Salam Cinema Review

To celebrate cinema's centenary, one of Iran's foremost director's, Mohsen Makhmalbaf puts an advert in the local newspapers looking for candidates to act in his new film. The film opens with scenes of chaos as 5000 Tehranis arrive to audition for a part - Makhmalbaf isn't too sure how to proceed from here but his assistants manage to whittle down the crowd to a more manageable size of a hundred prospective actors. Sat behind a desk, Makhmalbaf tries to determine who shall be able to make it into the film - or so it seems to them.

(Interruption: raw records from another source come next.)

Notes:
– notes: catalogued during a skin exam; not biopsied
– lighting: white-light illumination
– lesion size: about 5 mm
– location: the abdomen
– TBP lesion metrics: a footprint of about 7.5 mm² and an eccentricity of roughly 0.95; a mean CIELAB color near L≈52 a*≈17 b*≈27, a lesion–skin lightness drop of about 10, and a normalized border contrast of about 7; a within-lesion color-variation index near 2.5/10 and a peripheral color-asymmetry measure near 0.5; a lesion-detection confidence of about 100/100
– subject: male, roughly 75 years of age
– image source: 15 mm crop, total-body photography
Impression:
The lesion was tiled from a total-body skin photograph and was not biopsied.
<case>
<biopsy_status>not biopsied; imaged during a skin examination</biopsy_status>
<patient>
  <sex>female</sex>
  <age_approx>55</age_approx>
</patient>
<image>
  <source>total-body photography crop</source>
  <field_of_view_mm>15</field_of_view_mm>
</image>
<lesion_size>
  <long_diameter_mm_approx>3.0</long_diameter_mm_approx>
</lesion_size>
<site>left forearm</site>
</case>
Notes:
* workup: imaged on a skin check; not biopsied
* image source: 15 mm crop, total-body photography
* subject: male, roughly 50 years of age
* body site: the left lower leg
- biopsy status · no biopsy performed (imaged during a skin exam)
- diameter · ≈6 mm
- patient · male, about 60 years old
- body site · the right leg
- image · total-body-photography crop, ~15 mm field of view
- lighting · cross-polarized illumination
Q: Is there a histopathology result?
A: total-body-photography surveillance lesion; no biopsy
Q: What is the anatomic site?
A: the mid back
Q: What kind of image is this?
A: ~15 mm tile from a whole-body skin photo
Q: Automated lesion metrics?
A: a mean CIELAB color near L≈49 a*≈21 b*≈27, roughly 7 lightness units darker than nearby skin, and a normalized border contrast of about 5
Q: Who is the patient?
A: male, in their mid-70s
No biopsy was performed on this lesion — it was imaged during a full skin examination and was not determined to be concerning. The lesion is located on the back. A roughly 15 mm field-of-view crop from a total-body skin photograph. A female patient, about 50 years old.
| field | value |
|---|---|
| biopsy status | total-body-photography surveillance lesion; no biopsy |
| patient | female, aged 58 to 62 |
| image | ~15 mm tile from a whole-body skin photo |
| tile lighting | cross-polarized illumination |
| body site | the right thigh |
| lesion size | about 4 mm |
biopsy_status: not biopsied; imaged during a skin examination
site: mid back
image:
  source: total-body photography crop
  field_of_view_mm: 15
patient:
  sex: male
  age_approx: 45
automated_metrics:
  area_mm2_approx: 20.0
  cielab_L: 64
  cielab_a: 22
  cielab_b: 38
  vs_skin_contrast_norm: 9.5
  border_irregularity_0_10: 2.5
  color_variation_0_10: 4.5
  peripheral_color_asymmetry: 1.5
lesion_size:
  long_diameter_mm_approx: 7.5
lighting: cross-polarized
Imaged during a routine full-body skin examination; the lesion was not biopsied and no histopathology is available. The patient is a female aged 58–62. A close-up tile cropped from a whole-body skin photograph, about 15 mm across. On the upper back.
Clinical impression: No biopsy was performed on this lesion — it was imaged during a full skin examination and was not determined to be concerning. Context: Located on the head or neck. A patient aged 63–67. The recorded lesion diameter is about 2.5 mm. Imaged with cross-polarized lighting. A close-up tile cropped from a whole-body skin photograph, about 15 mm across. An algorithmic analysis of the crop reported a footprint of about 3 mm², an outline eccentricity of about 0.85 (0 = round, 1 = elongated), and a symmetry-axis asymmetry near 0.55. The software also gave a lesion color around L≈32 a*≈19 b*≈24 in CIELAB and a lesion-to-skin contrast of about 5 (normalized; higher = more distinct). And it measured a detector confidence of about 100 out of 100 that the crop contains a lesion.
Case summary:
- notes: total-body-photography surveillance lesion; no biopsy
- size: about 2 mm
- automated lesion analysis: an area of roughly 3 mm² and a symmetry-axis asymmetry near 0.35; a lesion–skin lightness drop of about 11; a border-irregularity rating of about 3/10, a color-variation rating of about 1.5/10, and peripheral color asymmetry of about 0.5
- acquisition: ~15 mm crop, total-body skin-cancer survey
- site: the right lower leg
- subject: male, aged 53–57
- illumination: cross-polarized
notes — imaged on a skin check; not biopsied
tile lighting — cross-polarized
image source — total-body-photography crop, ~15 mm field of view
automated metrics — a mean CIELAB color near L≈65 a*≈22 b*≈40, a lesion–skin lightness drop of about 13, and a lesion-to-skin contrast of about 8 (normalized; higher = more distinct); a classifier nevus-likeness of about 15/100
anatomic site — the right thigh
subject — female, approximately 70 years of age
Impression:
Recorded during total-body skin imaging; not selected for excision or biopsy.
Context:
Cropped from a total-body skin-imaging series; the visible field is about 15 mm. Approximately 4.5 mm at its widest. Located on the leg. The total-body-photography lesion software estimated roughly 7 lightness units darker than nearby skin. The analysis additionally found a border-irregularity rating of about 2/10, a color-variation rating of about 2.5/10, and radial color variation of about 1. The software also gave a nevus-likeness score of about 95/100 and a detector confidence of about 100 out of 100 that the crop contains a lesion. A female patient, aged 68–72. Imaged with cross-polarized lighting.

Salam Cinema plays with our perception of what cinema is supposed to be and what it is. Despite the appearance of being a simple documentary about Makhmalbaf auditioning people for his new film, the viewer rapidly understands the film he is making is in fact what we are watching... Makhmalbaf seems to be playing himself but is displaying a rather strange view of directing and acting - for him, an actor must be able to cry or laugh within 10 seconds; if not, they are no actor. In the same way as Close-Up manipulated our perspective of what was true, Salam Cinema masquerades as a documentary but in fact seeks to reveal a completely different truth.



Taking the film too literally would be a grave mistake: it would make for rather dull viewing if it were nothing more than an audition session with a rather stupid director. The political parralels are rather disreet though often detectable - the unquestioned authority of the director, his control of people's behaviour and what is seen by the audience probably made for some uncomfortable viewing in governmental circles though the film's setting made it difficult to censor...

Although it will probably mainly appeal to viewers with a good knowledge of Iranian cinema, the questions raised by Salam Cinema are universal in nature and just as relevant in the West as they are in Iran: what do films reveal? Are they a true reflection of our society or a fictive state of mind? Where does truth end and fiction begin?


The DVD:Released as part of the Iran collection from MK2, the DVD is part of a set of five films though no boxset is yet available.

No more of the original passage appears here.